Genausowenig wie es je eine psychische Krankheit gab, gibt oder geben wird,
gab, gibt oder wird es je seelische Gesundheit geben.       
Genausowenig wie der regierende Bürgermeister Wowereit sich zum Heterosexuellen "therapieren" lassen wollte, als es bis zu der Zeit seines Coming Out eine psychische Krankheit war, dürfen Menschen z.B als "Schizophrenie" verleumdet und mit psychiatrischer Zwangbehandlung gefoltert werden:

"Schizophrenie ist ein strategisches Etikett, wie es "Jude" im Nazi-Deutschland war. Wenn man Menschen aus der sozialen Ordnung ausgrenzen will, muß man dies vor anderen, aber insbesondere vor einem selbst rechtfertigen. Also entwirft man eine rechtfertigende Redewendung. Dies ist der Punkt, um den es bei all den häßlichen psychiatrischen Vokabeln geht: sie sind rechtfertigende Redewendungen, eine etikettierende Verpackung für "Müll"; sie bedeuten "nimm ihn weg", " schaff ihn mir aus den Augen", etc. Dies bedeutete das Wort "Jude" in Nazi-Deutschland, gemeint war keine Person mit einer bestimmten religiösen Überzeugung. Es bedeutete "Ungeziefer", "vergas es". Ich fürchte, daß "schizophren" und "sozial kranke Persönlichkeit" und viele andere psychiatrisch diagnostische Fachbegriffe genau den gleichen Sachverhalt bezeichnen; sie bedeuten "menschlicher Abfall", "nimm ihn weg", "schaff ihn mir aus den Augen".“          
Thomas Szasz zitiert aus: "Interview with Thomas Szasz" in The New Physician, 1969

Homosexualität wurde 1973 aus dem Internationalen Katalog der psychiatrischen Erkrankungen, dem Diagnostic and Statistical Manual of Mental Disorders, gestrichen.
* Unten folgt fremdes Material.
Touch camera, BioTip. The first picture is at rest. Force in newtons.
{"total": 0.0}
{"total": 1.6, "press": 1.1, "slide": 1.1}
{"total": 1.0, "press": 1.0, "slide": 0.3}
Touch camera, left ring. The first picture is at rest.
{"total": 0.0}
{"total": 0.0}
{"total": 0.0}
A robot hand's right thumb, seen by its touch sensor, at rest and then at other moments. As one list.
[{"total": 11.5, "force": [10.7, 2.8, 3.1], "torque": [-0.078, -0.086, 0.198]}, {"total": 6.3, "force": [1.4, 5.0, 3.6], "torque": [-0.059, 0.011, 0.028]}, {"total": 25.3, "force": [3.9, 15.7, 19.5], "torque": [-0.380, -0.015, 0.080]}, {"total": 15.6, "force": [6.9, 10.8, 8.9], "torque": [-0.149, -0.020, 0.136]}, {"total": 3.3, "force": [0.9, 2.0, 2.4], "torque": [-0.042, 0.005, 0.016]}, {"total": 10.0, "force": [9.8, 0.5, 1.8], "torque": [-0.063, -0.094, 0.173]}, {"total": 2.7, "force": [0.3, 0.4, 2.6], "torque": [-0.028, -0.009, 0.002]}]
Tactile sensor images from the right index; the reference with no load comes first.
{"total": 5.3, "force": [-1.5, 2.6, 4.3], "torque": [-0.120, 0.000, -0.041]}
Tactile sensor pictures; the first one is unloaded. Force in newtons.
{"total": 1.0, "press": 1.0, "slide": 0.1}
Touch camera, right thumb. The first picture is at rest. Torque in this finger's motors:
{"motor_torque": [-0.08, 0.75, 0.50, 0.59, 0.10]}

Bis dahin war Homosexualität eine „psychische Krankheit“. Beispielhaft wurde offensichtlich, dass diese Entscheidung nicht im Allergeringsten etwas mit Wissenschaft oder Medizin zu tun hat, sonderes ausschließlich auf politischem Druck gegen ein Establishment zustande kam. Sie nahm ihren Ausgang beim Kongress der Amerikanischen Psychiatrischen Vereinigung (APA) in San Francisco, der Stadt also, die sich damit rühmt, die höchste Bevölkerungsdichte an Schwulen  in aller Welt zu beherbegen. Bei dieser Gelegenheit wurde das Kongresszentrum von San Francisco, wo die Versammlung der APA stattfand, wortwörtlich von Aktivisten der Gay-Community eingenommen. Sie verhinderten den normalen Sitzungsablauf. Die Beiträge von Psychiatern mit anerkanntem Renommee, die sich der Erforschung und Behandlung der Homosexualität widmeten, wurden boykottiert. Die Wende war dabei noch nicht ganz eindeutig und erlangte lediglich 58 Prozent der Voten. Die Streichung der Homosexualität aus dem Katalog psychischer Erkrankungen war folglich eine putschistisch erzwungene politische Entscheidung.

In den folgenden Jahren wurde die Homosexualität aus der Liste der Erkrankungen der Weltgesundheitsorganisation, 1986 auch die Pädophilie, also die sexuelle Anziehung zu Kindern, gelöscht.

Wir erwarten von Herrn Wowereit, dass er entweder den Schwachfug der Ghostwriter seines Grußworts öffentlich zurücknimmt, oder zumindest in Zukunft solche Grußworte unterläßt. Stattdessen sollte er sich an der Beseitigung der radikal diskriminierenden Entrechung per Gesetz via PsychKG, Zwangsbetreuung und  § 63 StGB aktiv beteiligen, so wie er auch den § 175 als ein Schandmal des Rechtsstaats erkannte.